I wonder what he would say to customers who feel FairPrice products can afford to be cheaper.
“We try and we want to do more. Our scorecard is a balanced one. It requires us to do well on our social mission, but also on our financials so that we can continue to fulfill our social mission. We are here to stay and help our customers through difficult times as well. For example, when GST was first introduced, we absorbed it for a period of time.”
In recent years, he admits that competition is stiff especially with e-commerce retailers entering the market.
“Frankly, it’s all evolving at a much faster pace than I thought.
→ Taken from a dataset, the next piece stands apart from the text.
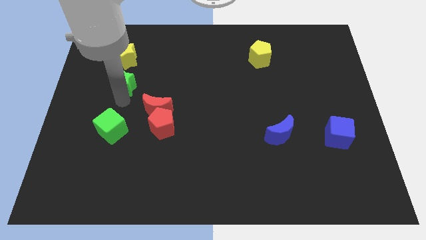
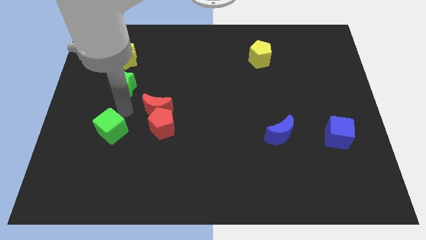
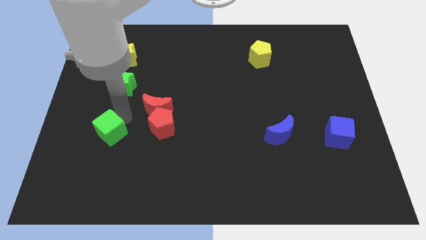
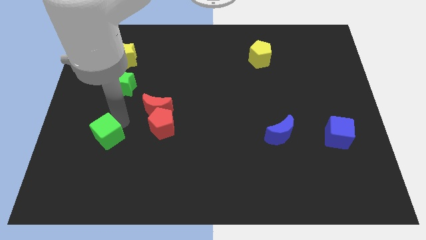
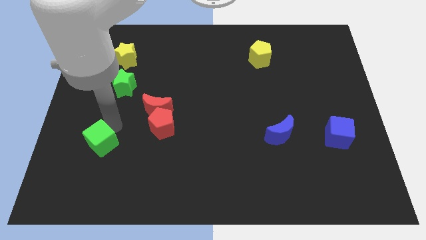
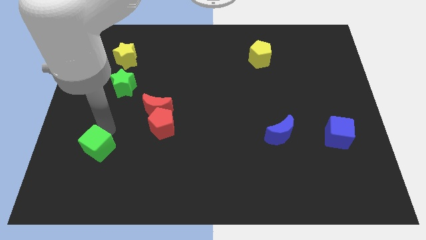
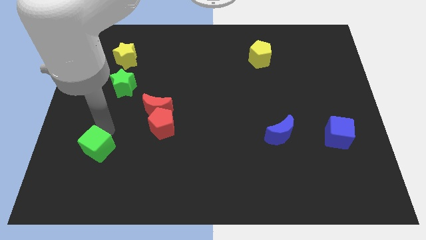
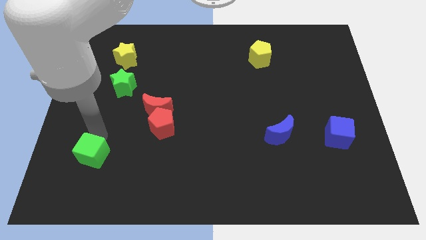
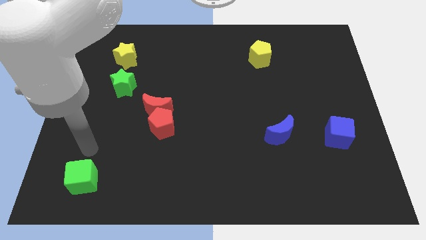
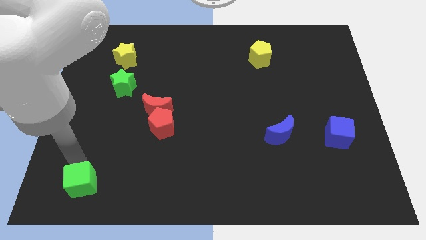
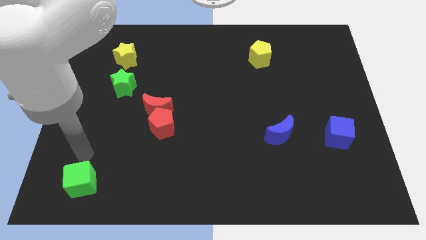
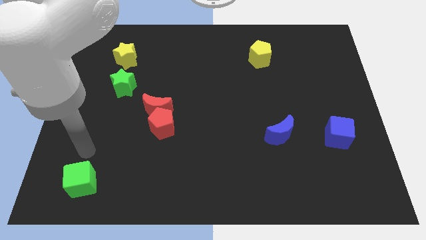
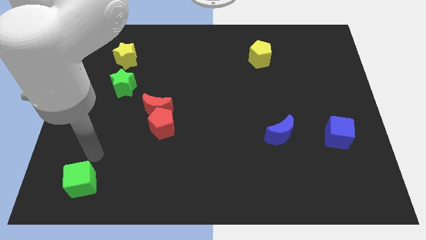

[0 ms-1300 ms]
push green cube to bottom of board

We are the incumbent and it is the curse of many incumbent leaders that it is much easier to become complacent. Today, we are going bigger on data analytics and this is allowing us to be able to serve our customers better. If I could unwind the clock, I would have done all this a lot earlier and invested even more. But it’s not too late.”
Ultimately, he wants to be remembered for making a mark in both the business and political spheres as “someone who helped”.
“I want to be remembered for having done good for the organisation and to let people see that the team puts in effort for society at large. In politics, I get a lot of satisfaction when I’ve made a difference to an individual. When someone comes up to me and says, 'Mr Seah, you’ve helped improve my life.' I think that’s good enough.”